### What this task involves
After locating the line that contains "Przypominam też o" in the records below, write out exactly that line and each line after it through the one that contains "i żeby ta projekcie", and nothing else.

### Data for this task

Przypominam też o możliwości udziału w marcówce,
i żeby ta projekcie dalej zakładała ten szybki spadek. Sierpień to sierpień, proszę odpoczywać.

* * *

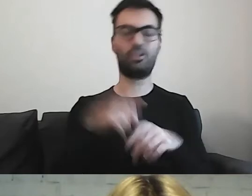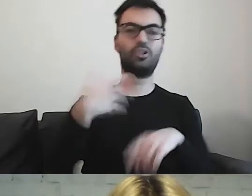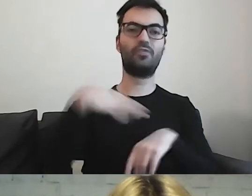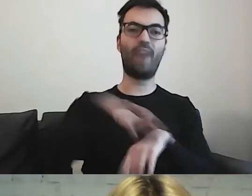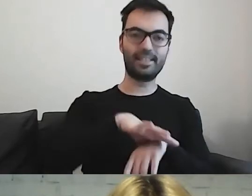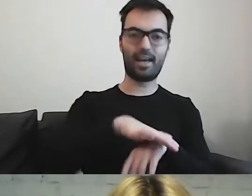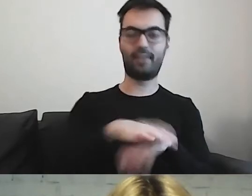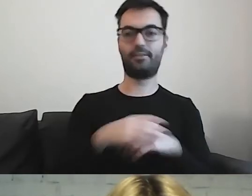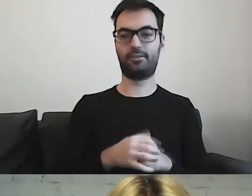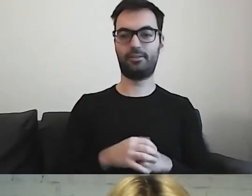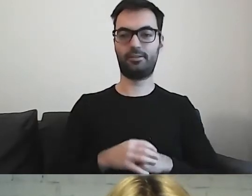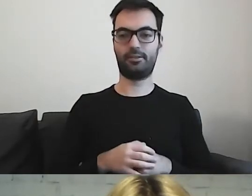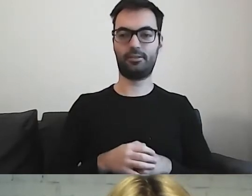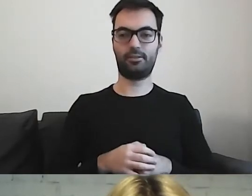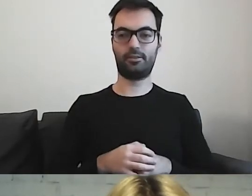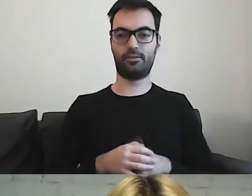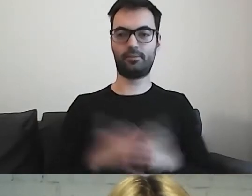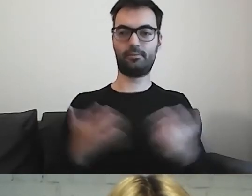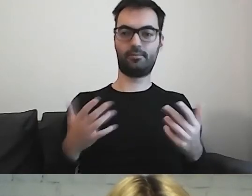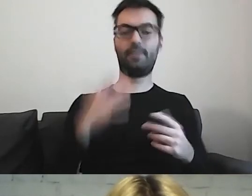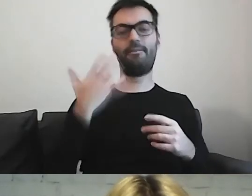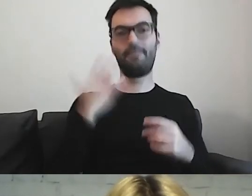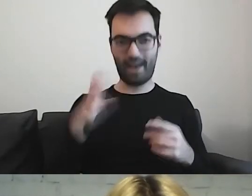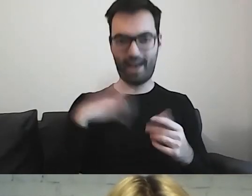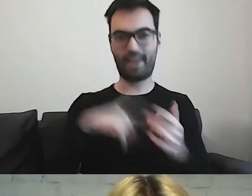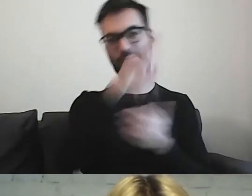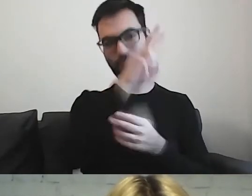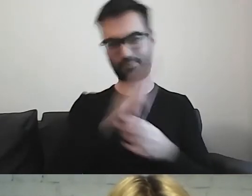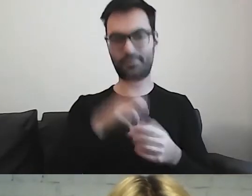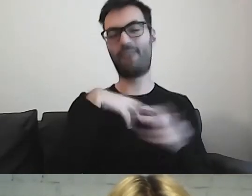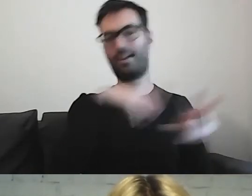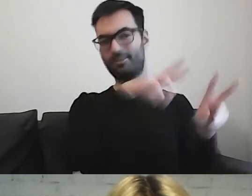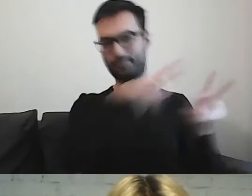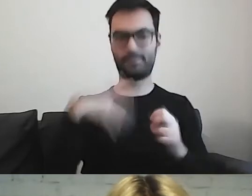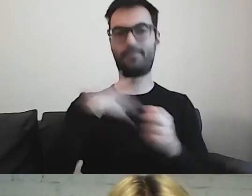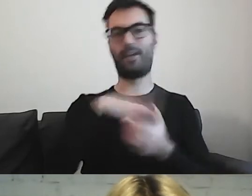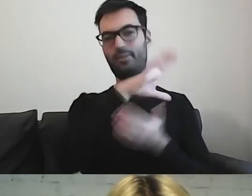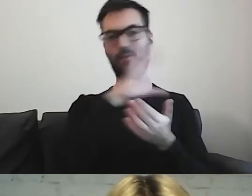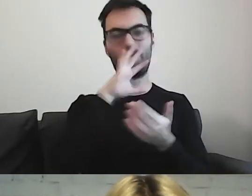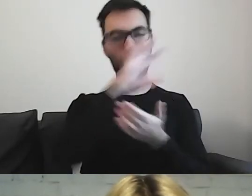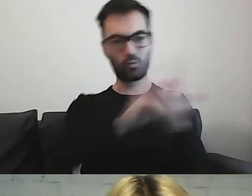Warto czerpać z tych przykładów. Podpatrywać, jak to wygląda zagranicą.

...

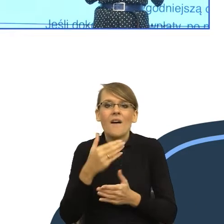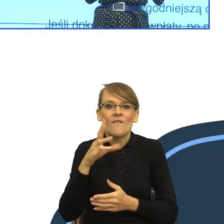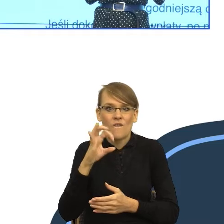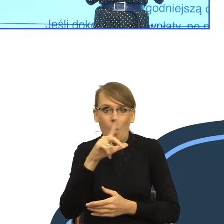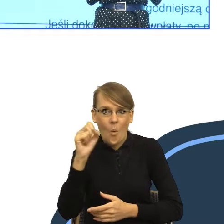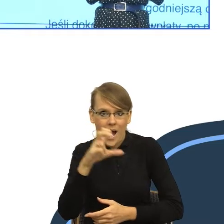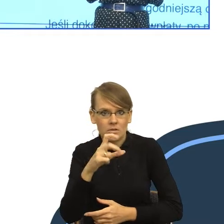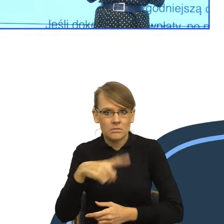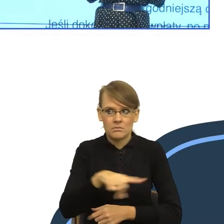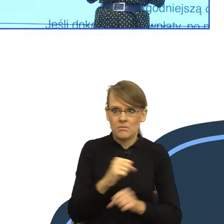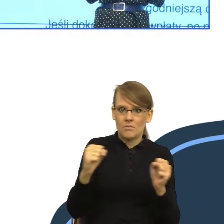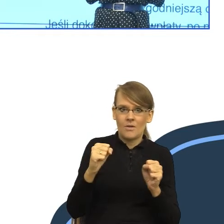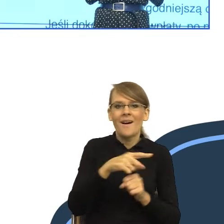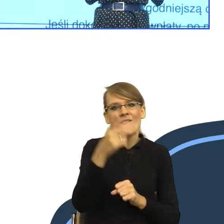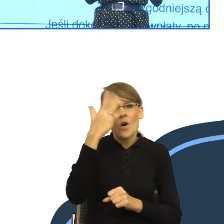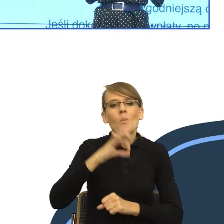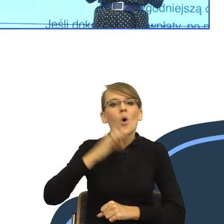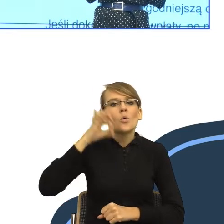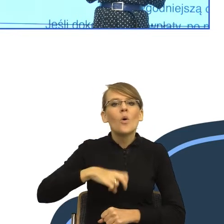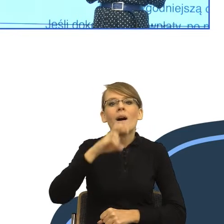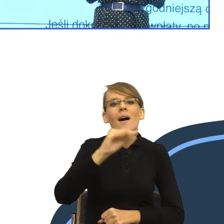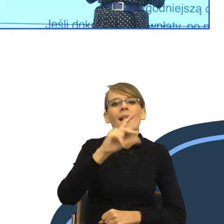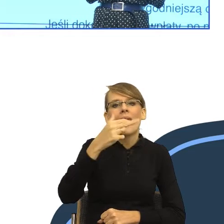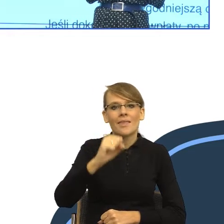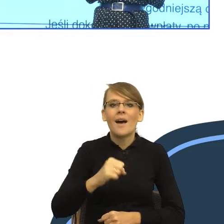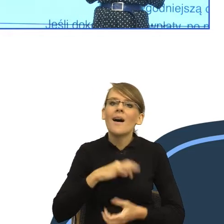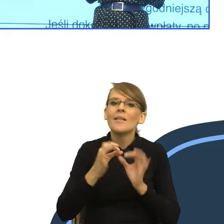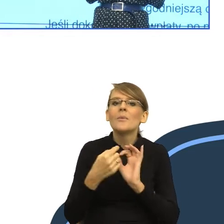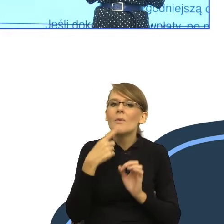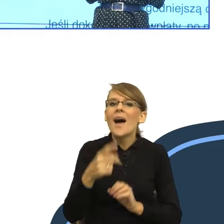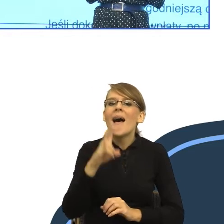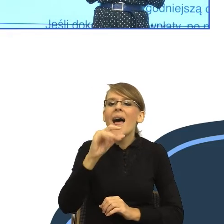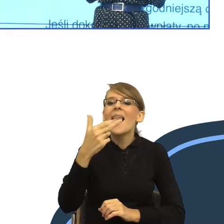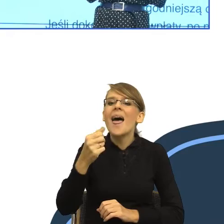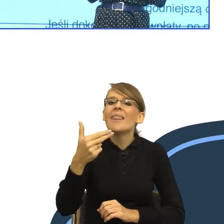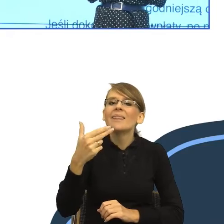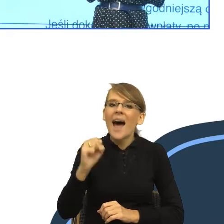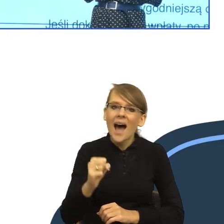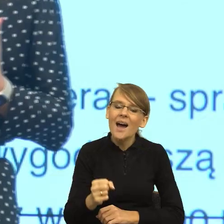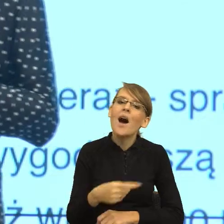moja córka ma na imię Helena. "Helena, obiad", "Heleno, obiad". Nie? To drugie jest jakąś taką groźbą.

### Result of the task
Przypominam też o możliwości udziału w marcówce,
i żeby ta projekcie dalej zakładała ten szybki spadek. Sierpień to sierpień, proszę odpoczywać.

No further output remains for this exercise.